Ai sindaci il vento piace perché rappresenta una piccola pensione sociale collettiva. Pochi soldi, ma cash, ora che le casse sono vuote. E grazie a quegli industriali che fittano terreni (e coscienze) c'è una fatica in meno da fare: pensare, organizzarsi, cercare il partner, produrre in proprio. È troppo complicato, troppo impegnativo sviluppare un'economia locale fondata sull'energia sostenibile e rinnovabile. Meglio appaltare tutto in cambio di un obolo. Lo Stato ha semplicemente abdicato al suo dovere. Senza mai indicare, valutare, ammettere o respingere, proporre e magari mitigare l'impatto ambientale, dire no qualche volta alle pale. No, qui no. Lì invece sì. Senza cura per il bene di tutti, senza amore per il territorio. Lo Stato ha semplicemente chiuso gli occhi davanti al più grande scandalo di questo inizio secolo.

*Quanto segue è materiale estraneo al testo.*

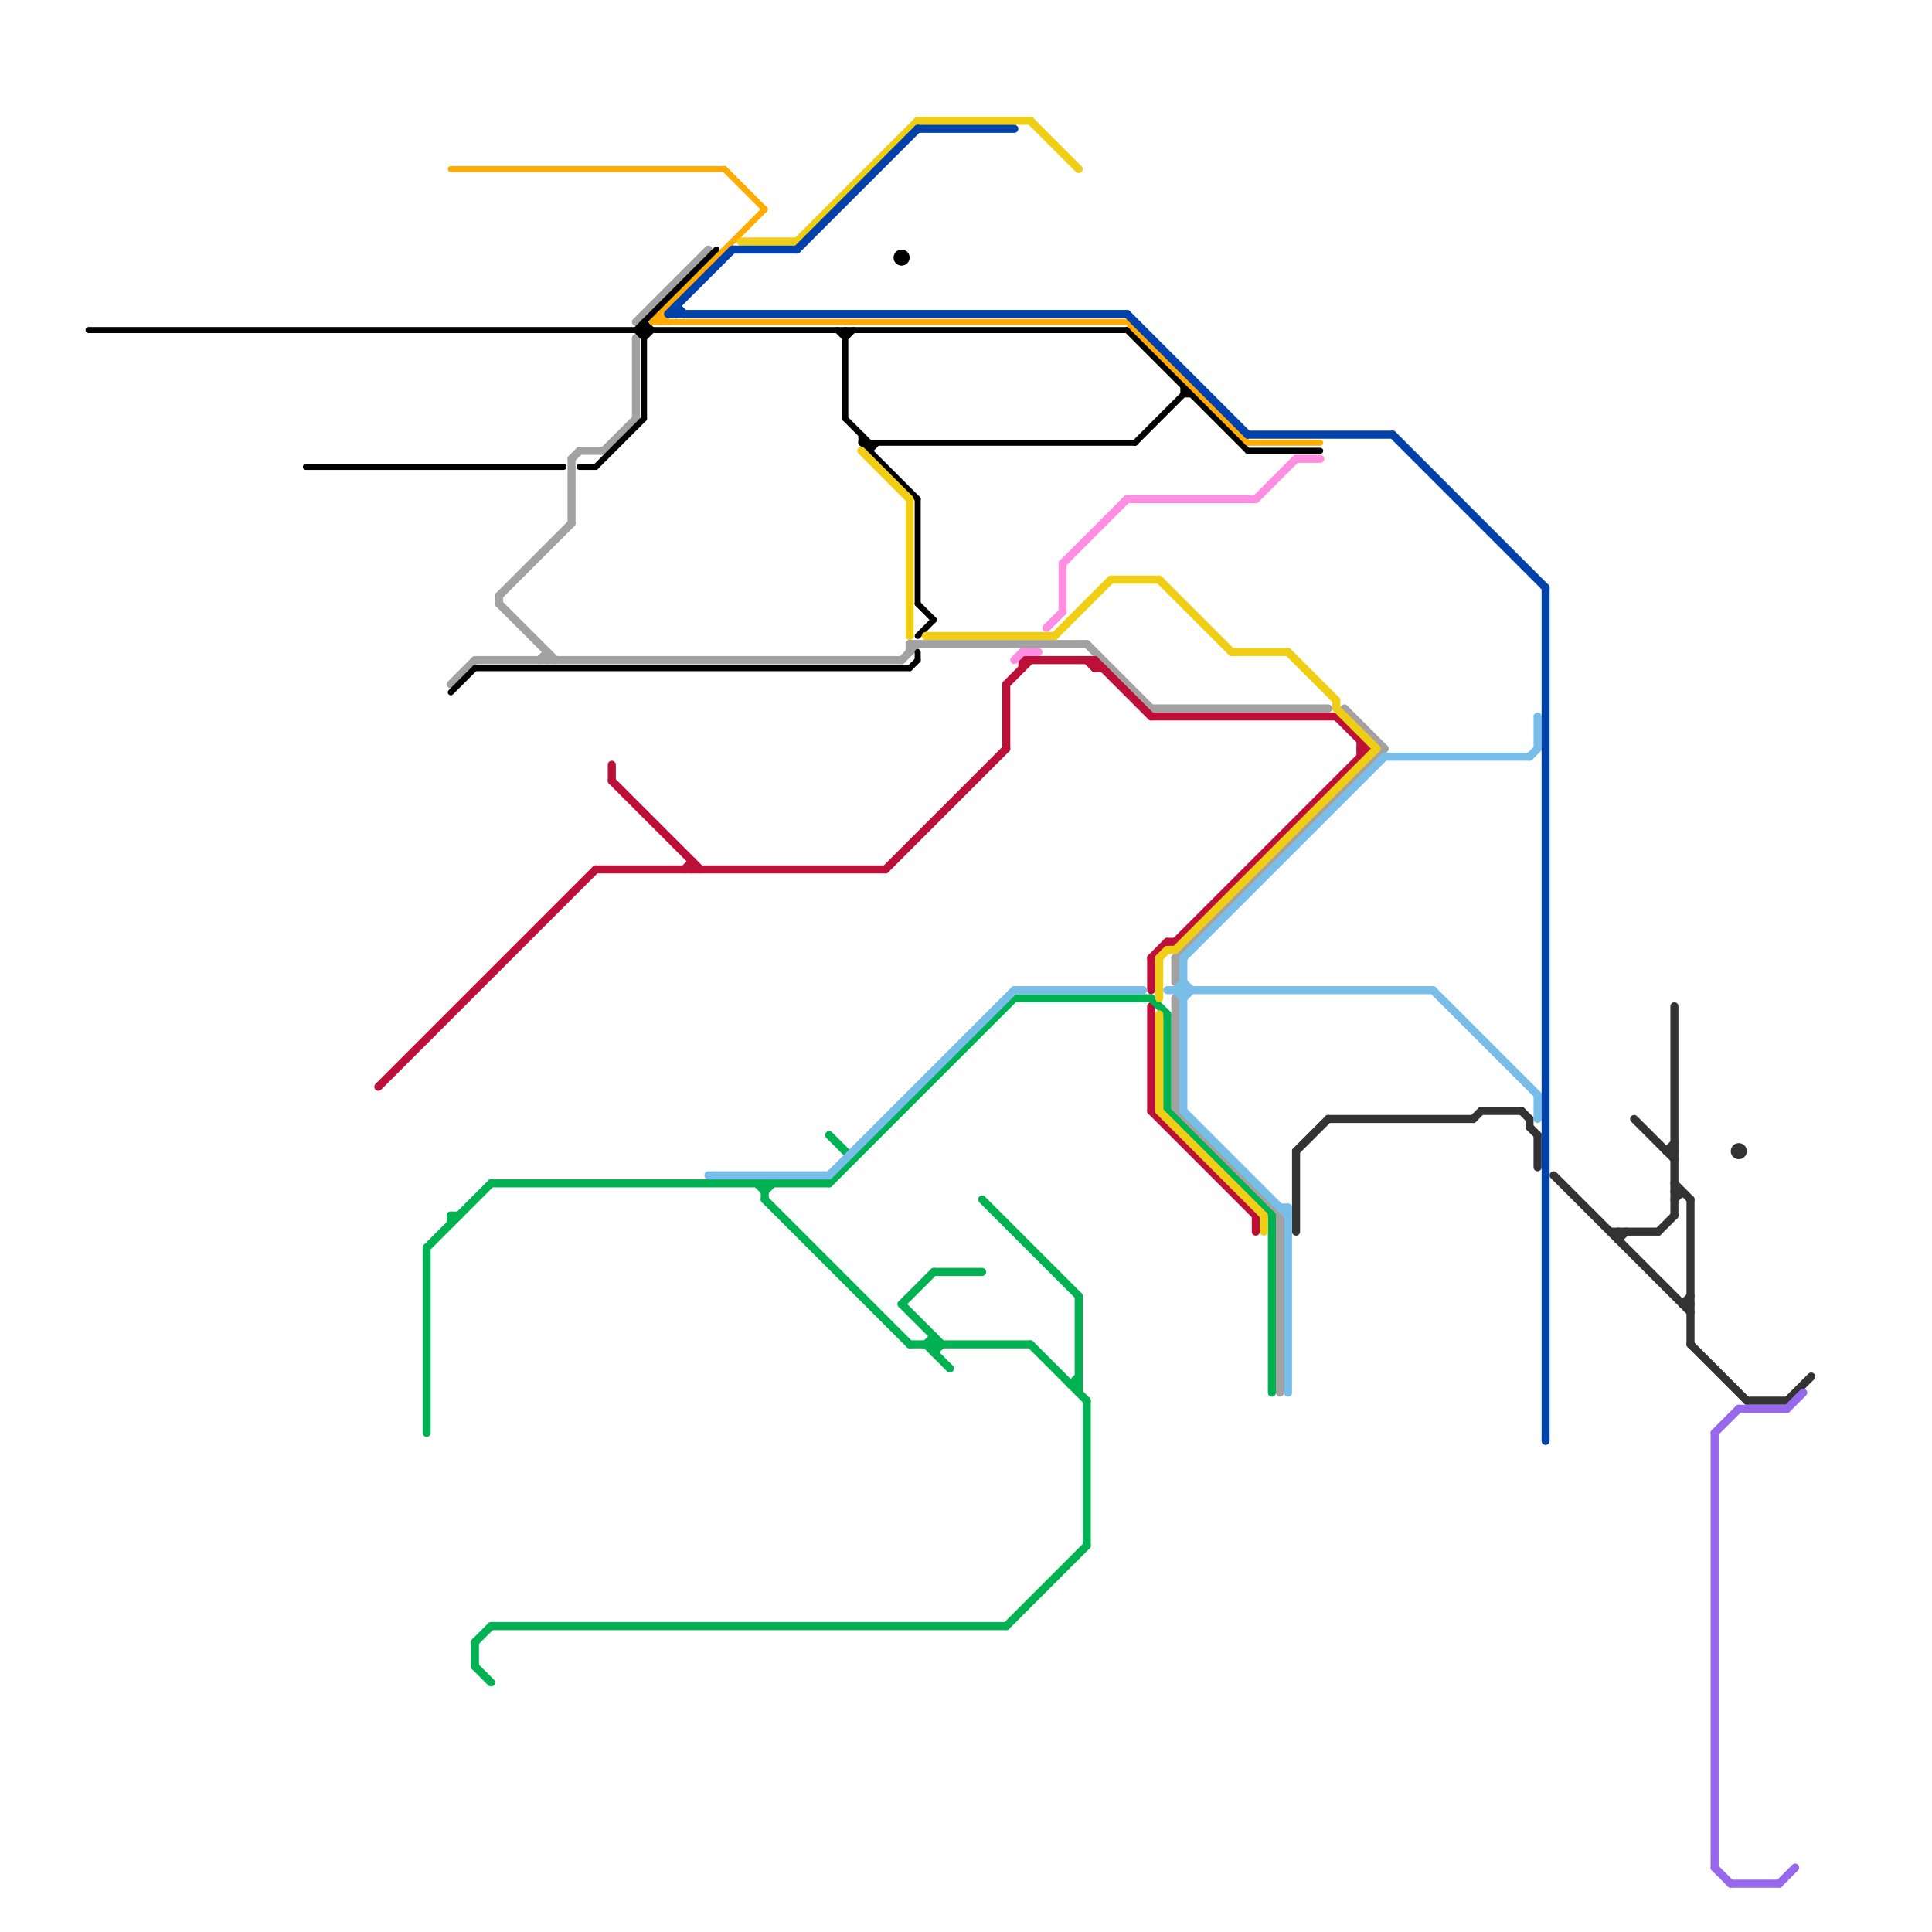 
<svg version="1.1" xmlns="http://www.w3.org/2000/svg" viewBox="0 0 240 240">
<style>text { font: 1px Helvetica; font-weight: 600; white-space: pre; dominant-baseline: central; } line { stroke-width: 0.75; fill: none; stroke-linecap: round; stroke-linejoin: round; } .c0 { stroke: #333333 } .c1 { stroke: #a2a2a2 } .c2 { stroke: #000000 } .c3 { stroke: #ffab01 } .c4 { stroke: #bd1038 } .c5 { stroke: #00b251 } .c6 { stroke: #f0ce15 } .c7 { stroke: #79bde9 } .c8 { stroke: #0042a9 } .c9 { stroke: #9768ee } .c10 { stroke: #ff8de1 } .w2 { stroke-width: .75; }.w1 { stroke-width: 1; }</style><defs><g id="wm-xf"><circle r="1.2" fill="#000"/><circle r="0.9" fill="#fff"/><circle r="0.6" fill="#000"/><circle r="0.3" fill="#fff"/></g><g id="wm"><circle r="0.6" fill="#000"/><circle r="0.3" fill="#fff"/></g><g id="cmd-000000"><circle r="0.5" fill="#000000"/><circle r="0.25" fill="#fff"/></g><g id="cmd-ffab01"><circle r="0.5" fill="#ffab01"/><circle r="0.25" fill="#fff"/></g><g id="csm-000000"><circle r="0.4" fill="#000000"/><circle r="0.2" fill="#fff"/></g><g id="csm-bd1038"><circle r="0.4" fill="#bd1038"/><circle r="0.2" fill="#fff"/></g><g id="csm-00b251"><circle r="0.4" fill="#00b251"/><circle r="0.2" fill="#fff"/></g><g id="csm-a2a2a2"><circle r="0.4" fill="#a2a2a2"/><circle r="0.2" fill="#fff"/></g><g id="csm-f0ce15"><circle r="0.4" fill="#f0ce15"/><circle r="0.2" fill="#fff"/></g><g id="csm-0042a9"><circle r="0.4" fill="#0042a9"/><circle r="0.2" fill="#fff"/></g></defs><line class="c0 w1" x1="210" y1="149" x2="210" y2="167"/><line class="c0 w1" x1="191" y1="141" x2="191" y2="145"/><line class="c0 w1" x1="209" y1="162" x2="210" y2="162"/><line class="c0 w1" x1="217" y1="174" x2="222" y2="174"/><line class="c0 w1" x1="207" y1="143" x2="208" y2="143"/><line class="c0 w1" x1="183" y1="139" x2="184" y2="138"/><line class="c0 w1" x1="208" y1="149" x2="209" y2="148"/><line class="c0 w1" x1="189" y1="138" x2="190" y2="139"/><line class="c0 w1" x1="190" y1="139" x2="190" y2="140"/><line class="c0 w1" x1="222" y1="174" x2="225" y2="171"/><line class="c0 w1" x1="209" y1="162" x2="210" y2="161"/><line class="c0 w1" x1="190" y1="140" x2="191" y2="141"/><line class="c0 w1" x1="207" y1="143" x2="208" y2="142"/><line class="c0 w1" x1="200" y1="153" x2="206" y2="153"/><line class="c0 w1" x1="165" y1="139" x2="183" y2="139"/><line class="c0 w1" x1="208" y1="148" x2="209" y2="148"/><line class="c0 w1" x1="201" y1="154" x2="202" y2="153"/><line class="c0 w1" x1="193" y1="146" x2="210" y2="163"/><line class="c0 w1" x1="161" y1="143" x2="165" y2="139"/><line class="c0 w1" x1="203" y1="139" x2="208" y2="144"/><line class="c0 w1" x1="208" y1="147" x2="210" y2="149"/><line class="c0 w1" x1="208" y1="125" x2="208" y2="151"/><line class="c0 w1" x1="210" y1="167" x2="217" y2="174"/><line class="c0 w1" x1="206" y1="153" x2="208" y2="151"/><line class="c0 w1" x1="184" y1="138" x2="189" y2="138"/><line class="c0 w1" x1="201" y1="153" x2="201" y2="154"/><line class="c0 w1" x1="161" y1="143" x2="161" y2="153"/><circle cx="216" cy="143" r="1" fill="#333333" /><line class="c1 w1" x1="72" y1="56" x2="75" y2="56"/><line class="c1 w1" x1="146" y1="119" x2="146" y2="122"/><line class="c1 w1" x1="56" y1="85" x2="59" y2="82"/><line class="c1 w1" x1="146" y1="138" x2="159" y2="151"/><line class="c1 w1" x1="62" y1="74" x2="71" y2="65"/><line class="c1 w1" x1="68" y1="81" x2="68" y2="82"/><line class="c1 w1" x1="71" y1="57" x2="71" y2="65"/><line class="c1 w1" x1="113" y1="80" x2="113" y2="81"/><line class="c1 w1" x1="79" y1="42" x2="79" y2="52"/><line class="c1 w1" x1="135" y1="80" x2="143" y2="88"/><line class="c1 w1" x1="79" y1="40" x2="88" y2="31"/><line class="c1 w1" x1="113" y1="80" x2="135" y2="80"/><line class="c1 w1" x1="62" y1="75" x2="69" y2="82"/><line class="c1 w1" x1="146" y1="124" x2="146" y2="138"/><line class="c1 w1" x1="59" y1="82" x2="112" y2="82"/><line class="c1 w1" x1="159" y1="151" x2="159" y2="173"/><line class="c1 w1" x1="71" y1="57" x2="72" y2="56"/><line class="c1 w1" x1="143" y1="88" x2="165" y2="88"/><line class="c1 w1" x1="146" y1="119" x2="172" y2="93"/><line class="c1 w1" x1="75" y1="56" x2="79" y2="52"/><line class="c1 w1" x1="67" y1="82" x2="68" y2="81"/><line class="c1 w1" x1="112" y1="82" x2="114" y2="80"/><line class="c1 w1" x1="62" y1="74" x2="62" y2="75"/><line class="c1 w1" x1="167" y1="88" x2="172" y2="93"/><line class="c2 " x1="105" y1="41" x2="105" y2="52"/><line class="c2 " x1="108" y1="56" x2="109" y2="55"/><line class="c2 " x1="79" y1="41" x2="80" y2="42"/><line class="c2 " x1="108" y1="55" x2="108" y2="56"/><line class="c2 " x1="147" y1="49" x2="148" y2="49"/><line class="c2 " x1="141" y1="55" x2="147" y2="49"/><line class="c2 " x1="104" y1="41" x2="105" y2="42"/><line class="c2 " x1="114" y1="79" x2="116" y2="77"/><line class="c2 " x1="74" y1="58" x2="80" y2="52"/><line class="c2 " x1="56" y1="86" x2="59" y2="83"/><line class="c2 " x1="38" y1="58" x2="70" y2="58"/><line class="c2 " x1="59" y1="83" x2="113" y2="83"/><line class="c2 " x1="155" y1="56" x2="164" y2="56"/><line class="c2 " x1="114" y1="62" x2="114" y2="75"/><line class="c2 " x1="80" y1="40" x2="80" y2="52"/><line class="c2 " x1="79" y1="41" x2="89" y2="31"/><line class="c2 " x1="114" y1="75" x2="116" y2="77"/><line class="c2 " x1="72" y1="58" x2="74" y2="58"/><line class="c2 " x1="140" y1="41" x2="155" y2="56"/><line class="c2 " x1="114" y1="81" x2="114" y2="82"/><line class="c2 " x1="113" y1="83" x2="114" y2="82"/><line class="c2 " x1="105" y1="52" x2="108" y2="55"/><line class="c2 " x1="80" y1="40" x2="81" y2="41"/><line class="c2 " x1="11" y1="41" x2="140" y2="41"/><line class="c2 " x1="147" y1="48" x2="147" y2="49"/><line class="c2 " x1="105" y1="42" x2="106" y2="41"/><line class="c2 " x1="107" y1="54" x2="107" y2="55"/><line class="c2 " x1="107" y1="55" x2="114" y2="62"/><line class="c2 " x1="80" y1="42" x2="81" y2="41"/><line class="c2 " x1="107" y1="55" x2="141" y2="55"/><circle cx="112" cy="32" r="1" fill="#000000" /><line class="c3 " x1="90" y1="21" x2="95" y2="26"/><line class="c3 " x1="81" y1="40" x2="95" y2="26"/><line class="c3 " x1="82" y1="39" x2="82" y2="40"/><line class="c3 " x1="82" y1="39" x2="83" y2="40"/><line class="c3 " x1="56" y1="21" x2="90" y2="21"/><line class="c3 " x1="140" y1="40" x2="155" y2="55"/><line class="c3 " x1="81" y1="40" x2="140" y2="40"/><line class="c3 " x1="155" y1="55" x2="164" y2="55"/><line class="c4 w1" x1="110" y1="108" x2="125" y2="93"/><line class="c4 w1" x1="127" y1="82" x2="127" y2="83"/><line class="c4 w1" x1="125" y1="85" x2="128" y2="82"/><line class="c4 w1" x1="145" y1="117" x2="146" y2="117"/><line class="c4 w1" x1="156" y1="151" x2="156" y2="153"/><line class="c4 w1" x1="136" y1="83" x2="137" y2="83"/><line class="c4 w1" x1="86" y1="107" x2="86" y2="108"/><line class="c4 w1" x1="143" y1="119" x2="145" y2="117"/><line class="c4 w1" x1="166" y1="89" x2="170" y2="93"/><line class="c4 w1" x1="143" y1="125" x2="143" y2="138"/><line class="c4 w1" x1="74" y1="108" x2="110" y2="108"/><line class="c4 w1" x1="143" y1="138" x2="156" y2="151"/><line class="c4 w1" x1="127" y1="82" x2="136" y2="82"/><line class="c4 w1" x1="76" y1="95" x2="76" y2="97"/><line class="c4 w1" x1="136" y1="82" x2="143" y2="89"/><line class="c4 w1" x1="169" y1="93" x2="170" y2="93"/><line class="c4 w1" x1="136" y1="82" x2="136" y2="83"/><line class="c4 w1" x1="47" y1="135" x2="74" y2="108"/><line class="c4 w1" x1="143" y1="89" x2="166" y2="89"/><line class="c4 w1" x1="135" y1="82" x2="136" y2="83"/><line class="c4 w1" x1="169" y1="92" x2="169" y2="94"/><line class="c4 w1" x1="146" y1="117" x2="170" y2="93"/><line class="c4 w1" x1="85" y1="108" x2="86" y2="107"/><line class="c4 w1" x1="125" y1="85" x2="125" y2="93"/><line class="c4 w1" x1="76" y1="97" x2="87" y2="108"/><line class="c4 w1" x1="143" y1="119" x2="143" y2="123"/><line class="c5 w1" x1="115" y1="167" x2="118" y2="170"/><line class="c5 w1" x1="135" y1="174" x2="135" y2="192"/><line class="c5 w1" x1="112" y1="162" x2="116" y2="158"/><line class="c5 w1" x1="126" y1="124" x2="143" y2="124"/><line class="c5 w1" x1="158" y1="151" x2="158" y2="173"/><line class="c5 w1" x1="115" y1="167" x2="116" y2="166"/><line class="c5 w1" x1="116" y1="158" x2="122" y2="158"/><line class="c5 w1" x1="53" y1="155" x2="61" y2="147"/><line class="c5 w1" x1="59" y1="204" x2="61" y2="202"/><line class="c5 w1" x1="125" y1="202" x2="135" y2="192"/><line class="c5 w1" x1="95" y1="147" x2="95" y2="149"/><line class="c5 w1" x1="128" y1="167" x2="135" y2="174"/><line class="c5 w1" x1="133" y1="172" x2="134" y2="172"/><line class="c5 w1" x1="95" y1="149" x2="113" y2="167"/><line class="c5 w1" x1="56" y1="151" x2="57" y2="151"/><line class="c5 w1" x1="134" y1="161" x2="134" y2="173"/><line class="c5 w1" x1="56" y1="151" x2="56" y2="152"/><line class="c5 w1" x1="116" y1="168" x2="117" y2="167"/><line class="c5 w1" x1="95" y1="148" x2="96" y2="147"/><line class="c5 w1" x1="143" y1="124" x2="145" y2="126"/><line class="c5 w1" x1="59" y1="204" x2="59" y2="207"/><line class="c5 w1" x1="133" y1="172" x2="134" y2="171"/><line class="c5 w1" x1="112" y1="162" x2="117" y2="167"/><line class="c5 w1" x1="53" y1="155" x2="53" y2="178"/><line class="c5 w1" x1="61" y1="202" x2="125" y2="202"/><line class="c5 w1" x1="59" y1="207" x2="61" y2="209"/><line class="c5 w1" x1="103" y1="147" x2="126" y2="124"/><line class="c5 w1" x1="94" y1="147" x2="95" y2="148"/><line class="c5 w1" x1="122" y1="149" x2="134" y2="161"/><line class="c5 w1" x1="103" y1="141" x2="106" y2="144"/><line class="c5 w1" x1="113" y1="167" x2="128" y2="167"/><line class="c5 w1" x1="145" y1="138" x2="158" y2="151"/><line class="c5 w1" x1="61" y1="147" x2="103" y2="147"/><line class="c5 w1" x1="116" y1="166" x2="116" y2="168"/><line class="c5 w1" x1="145" y1="126" x2="145" y2="138"/><line class="c6 w1" x1="144" y1="126" x2="144" y2="138"/><line class="c6 w1" x1="144" y1="119" x2="144" y2="124"/><line class="c6 w1" x1="107" y1="56" x2="113" y2="62"/><line class="c6 w1" x1="128" y1="15" x2="134" y2="21"/><line class="c6 w1" x1="131" y1="79" x2="138" y2="72"/><line class="c6 w1" x1="92" y1="30" x2="99" y2="30"/><line class="c6 w1" x1="153" y1="81" x2="160" y2="81"/><line class="c6 w1" x1="146" y1="118" x2="171" y2="93"/><line class="c6 w1" x1="157" y1="151" x2="157" y2="153"/><line class="c6 w1" x1="144" y1="138" x2="157" y2="151"/><line class="c6 w1" x1="160" y1="81" x2="166" y2="87"/><line class="c6 w1" x1="114" y1="15" x2="128" y2="15"/><line class="c6 w1" x1="144" y1="119" x2="145" y2="118"/><line class="c6 w1" x1="145" y1="118" x2="146" y2="118"/><line class="c6 w1" x1="138" y1="72" x2="144" y2="72"/><line class="c6 w1" x1="166" y1="88" x2="171" y2="93"/><line class="c6 w1" x1="115" y1="79" x2="131" y2="79"/><line class="c6 w1" x1="166" y1="87" x2="166" y2="88"/><line class="c6 w1" x1="113" y1="62" x2="113" y2="79"/><line class="c6 w1" x1="144" y1="72" x2="153" y2="81"/><line class="c6 w1" x1="99" y1="30" x2="114" y2="15"/><line class="c7 w1" x1="191" y1="89" x2="191" y2="93"/><line class="c7 w1" x1="147" y1="119" x2="172" y2="94"/><line class="c7 w1" x1="146" y1="123" x2="147" y2="124"/><line class="c7 w1" x1="147" y1="138" x2="160" y2="151"/><line class="c7 w1" x1="147" y1="124" x2="148" y2="123"/><line class="c7 w1" x1="191" y1="136" x2="191" y2="139"/><line class="c7 w1" x1="147" y1="119" x2="147" y2="138"/><line class="c7 w1" x1="146" y1="123" x2="147" y2="122"/><line class="c7 w1" x1="147" y1="122" x2="148" y2="123"/><line class="c7 w1" x1="103" y1="146" x2="126" y2="123"/><line class="c7 w1" x1="145" y1="123" x2="178" y2="123"/><line class="c7 w1" x1="88" y1="146" x2="103" y2="146"/><line class="c7 w1" x1="190" y1="94" x2="191" y2="93"/><line class="c7 w1" x1="159" y1="150" x2="160" y2="150"/><line class="c7 w1" x1="172" y1="94" x2="190" y2="94"/><line class="c7 w1" x1="126" y1="123" x2="142" y2="123"/><line class="c7 w1" x1="178" y1="123" x2="191" y2="136"/><line class="c7 w1" x1="160" y1="150" x2="160" y2="173"/><line class="c8 w1" x1="99" y1="31" x2="114" y2="16"/><line class="c8 w1" x1="83" y1="39" x2="91" y2="31"/><line class="c8 w1" x1="83" y1="39" x2="140" y2="39"/><line class="c8 w1" x1="140" y1="39" x2="155" y2="54"/><line class="c8 w1" x1="192" y1="73" x2="192" y2="179"/><line class="c8 w1" x1="84" y1="38" x2="85" y2="39"/><line class="c8 w1" x1="91" y1="31" x2="99" y2="31"/><line class="c8 w1" x1="173" y1="54" x2="192" y2="73"/><line class="c8 w1" x1="84" y1="38" x2="84" y2="39"/><line class="c8 w1" x1="114" y1="16" x2="126" y2="16"/><line class="c8 w1" x1="155" y1="54" x2="173" y2="54"/><line class="c9 w1" x1="213" y1="178" x2="216" y2="175"/><line class="c9 w1" x1="213" y1="232" x2="215" y2="234"/><line class="c9 w1" x1="222" y1="175" x2="224" y2="173"/><line class="c9 w1" x1="215" y1="234" x2="221" y2="234"/><line class="c9 w1" x1="213" y1="178" x2="213" y2="232"/><line class="c9 w1" x1="216" y1="175" x2="222" y2="175"/><line class="c9 w1" x1="221" y1="234" x2="223" y2="232"/><line class="c10 w1" x1="126" y1="82" x2="127" y2="81"/><line class="c10 w1" x1="140" y1="62" x2="156" y2="62"/><line class="c10 w1" x1="161" y1="57" x2="164" y2="57"/><line class="c10 w1" x1="156" y1="62" x2="161" y2="57"/><line class="c10 w1" x1="132" y1="70" x2="132" y2="76"/><line class="c10 w1" x1="127" y1="81" x2="129" y2="81"/><line class="c10 w1" x1="130" y1="78" x2="132" y2="76"/><line class="c10 w1" x1="132" y1="70" x2="140" y2="62"/>
</svg>

Antonello Caporale, uno dei più seguiti giornalisti di inchiesta, attraverso alcune storie esemplari, in cui si alternano duri toni di denuncia e accenti lirici, ci propone una ricostruzione lontana da ogni forzatura ideologica, dove le vicende dell'eolico finiscono per rivelare la malattia endemica dell'Italia e più ancora il destino a cui è condannato il Sud: bruciare la propria ricchezza senza nemmeno averla riconosciuta.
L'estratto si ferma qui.